Grosse Strapazen meistert der Kopf


Appenzeller Zeitung vom 5. Oktober

Als Samuel Lutz und sein Kollege auf dem Säntis sassen, hatten sie erst ein Drittel der Strecke geschafft. Sie sahen ihr Ziel, den Hohen Kasten, zu dem sie auf Umwegen weiterjoggten.

GERT BRUDERER

An einem Freitagabend, 23 Uhr, hatten sich der Lüchinger Samuel Lutz und Philemon Bommeli aus Waldstatt auf den Weg gemacht. 21 Stunden, 1 Minute und 40 Sekunden später waren 5211 Höhenmeter überwunden und eine Strecke von 86,5 Kilometern zurückgelegt. Weil hundert Höhenmeter einem so genannten Leistungskilometer entsprechen, haben die beiden Zwanzigjährigen in der genannten Zeit 138,16 Leistungskilometer hinter sich gebracht.

In Nizza lernten sie sich kennen
Bauschreiner Samuel Lutz und Elektroinstallateur Philemon Bommeli (beide mit Berufsmatura) haben sich bei einem Sprachaufenthalt in Nizza kennengelernt. Weil der Lüchinger eine Bergjacke trug, war er Philemon aufgefallen. Und siehe da: Es waren sich zwei mit gleichen Interessen begegnet. Samuel Lutz wollte schon damals Fallschirmaufklärer werden, Philemon Helikopter-Pilot.

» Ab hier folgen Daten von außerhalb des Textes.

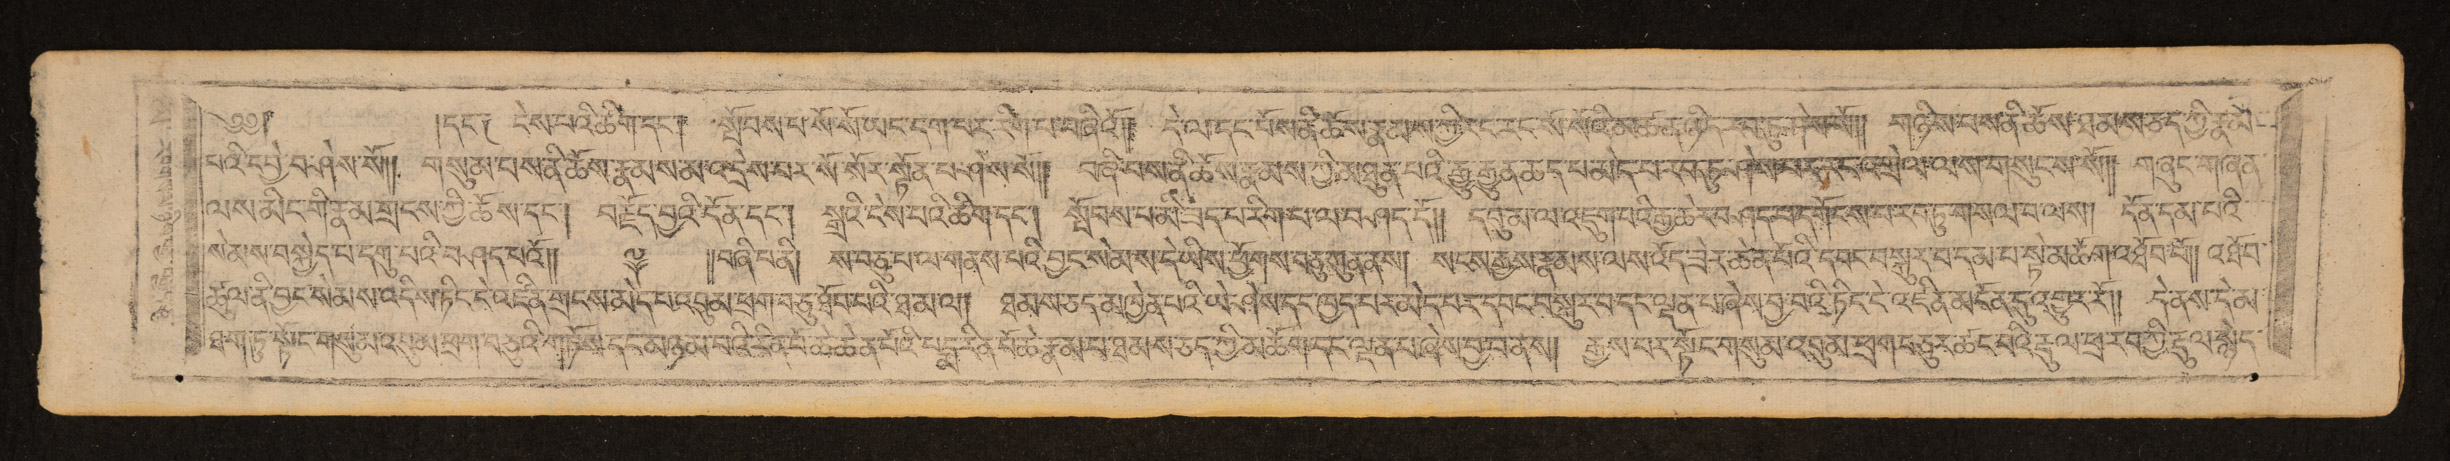༄༅། །དང༑ ངེས་པའི་ཚིག་དང་། སྤོབས་པ་སོ་སོ་ཡང་དག་པར་རིག་པ་བཞིའོ།། དེ་ལ་དང་པོས་ནི་ཆོས་རྣམས་ཀྱི་རང་རང་སོ་སོའི་མཚན་ཉིད་རབ་ཏུ་ཤེས་སོ།། གཉིས་པས་ནི་ཆོས་ཐམས་ཅད་ཀྱི་རྣམ་
པའི་དབྱེ་བ་ཤེས་སོ།། གསུམ་པས་ནི་ཆོས་རྣམས་མ་འདྲེས་པར་སོ་སོར་སྟོན་པ་ཤེས་སོ།། བཞི་པས་ནི་ཆོས་རྣམས་ཀྱི་མཐུན་པའི་རྒྱུ་རྒྱུན་ཆད་པ་མེད་པ་རབ་ཏུ་ཤེས་པར་རང་འགྲེལ་ལས་གསུངས་སོ།། གཞུང་གཞན་
ལས་མིང་གི་རྣམ་གྲངས་ཀྱི་ཆོས་དང་། བརྗོད་བྱའི་དོན་དང་། སྒྲའི་ངེས་པའི་ཚིག་དང་། སྤོབས་པ་མི་ཟད་པ་རིག་པ་ལ་བཤད་དོ།། དབུ་མ་ལ་འཇུག་པའི་རྒྱ་ཆེར་བཤད་པ་དགོངས་པ་རབ་ཏུ་གསལ་བ་ལས། དོན་དམ་པའི་
སེམས་བསྐྱེད་པ་དགུ་པའི་བཤད་པའོ།། ༈ །།བཞི་པ་ནི། ས་བཅུ་པ་ལ་གནས་པའི་བྱང་སེམས་དེ་ཡིས་ཕྱོགས་བཅུ་ཀུན་ནས། སངས་རྒྱས་རྣམས་ལས་འོད་ཟེར་ཆེན་པོའི་དབང་བསྐུར་བ་དམ་པ་སྟེ་མཆོག་འཐོབ་བོ།། འཐོབ་
ཚུལ་ནི་བྱང་སེམས་འདིས་ཏིང་ངེ་འཛིན་གྲངས་མེད་པ་འབུམ་ཕྲག་བཅུ་ཐོབ་པའི་ཐ་མ་ལ། ཐམས་ཅད་མཁྱེན་པའི་ཡེ་ཤེས་དང་ཁྱད་པར་མེད་པར་དབང་བསྐུར་བ་དང་ལྡན་པ་ཞེས་བྱ་བའི་ཏིང་ངེ་འཛིན་མངོན་དུ་འགྱུར་རོ།། དེ་ནས་དེ་མ་
ཐག་ཏུ་སྟོང་གསུམ་འབུམ་ཕྲག་བཅུའི་གཏོས་དང་མཉམ་པའི་རིན་པོ་ཆེ་ཆེན་པོའི་པདྨ་རིན་པོ་ཆེ་རྣམ་པ་ཐམས་ཅད་ཀྱི་མཆོག་དང་ལྡན་པ་ཞེས་བྱ་བ་ནས། རྒྱས་པར་སྟོང་གསུམ་འབུམ་ཕྲག་བཅུར་ཚང་བའི་རྡུལ་ཕྲ་རབ་ཀྱི་རྡུལ་སྙེད་

Inzwischen möchten beide beides werden, eine erste Hürde ist geschafft: Die Kollegen gehören zu jenen rund zehn Prozent, die nächstes Jahr die Rekrutenschule beim Kommando Spezialkräfte absolvieren dürfen, als Anwärter für Fallschirmaufklärer. Erste Fallschirmsprünge haben beide hinter sich, Samuel hat sogar schon das Brevet, Philemon bald.

Der Whiskytreck war für die beiden der Anlass
Natürlich müssen Menschen, die in den Bergen in nicht einmal einem Tag 86,5 Kilometer zurücklegen, sehr sportlich sein. Samuel Lutz und Philemon Bommeli klettern, laufen, balancieren auf der Slackline. Die erste haben sie gemeinsam in Nizza für 50 Euro gekauft, die letzte Slackline, die Samuel Lutz sich gönnte, hat 1800 Franken gekostet.

Der Anlass für ihre gemeinsame Topleistung im Alpstein war der Appenzeller Whiskytreck, eine touristische Spezialität: Zu absolvieren ist eine Tour mit 27 Stationen; in so vielen Gasthäusern wird je ein anderes 10-cl-Whiskyfläschchen entgegengenommen, so dass am Ende eine hübsche, begehrte Sammlung entsteht. Samuel Lutz und sein Kollege haben sich aber nicht des Whiskys wegen, sondern allein aus sportlichen Gründen auf den Weg gemacht. Gegenseitig haben sie sich immer wieder angespornt. Verlor einer markant Energie, riss der andere ihn weiter. «Viel findet im Kopf statt», sagt Samuel Lutz. Als er und Philemon drei Stunden vor dem Ziel erkannten, dass ihr grosses Ziel erreichbar war, hatte dies einen Energieschub zur Folge. «In der letzten Stunde», sagt Philemon Bommeli, «sind wir wieder gerannt.» Und dies, obschon die Füsse schmerzten. Bis dahin war man zügig bergauf marschiert, abwärts und geradeaus joggten die beiden.

Vorher nie mehr als 21 Kilometer zurückgelegt

Vor dem Alpstein-Abenteuer waren Samuel Lutz und Philemon Bommeli nie weiter als 21 Kilometer gelaufen. Insofern war der Whiskytreck für sie eine Grenzerfahrung.

Die Spezialuhr des Lüchingers, die einiges kann, hat 105 000 Schritte gezählt. Und das nach einem strengen Arbeitstag auf dem Bau!

Zu Hause sanken Samuel und Philemon nach all den überstandenen Strapazen trotzdem nicht sogleich vor Müdigkeit ins Bett.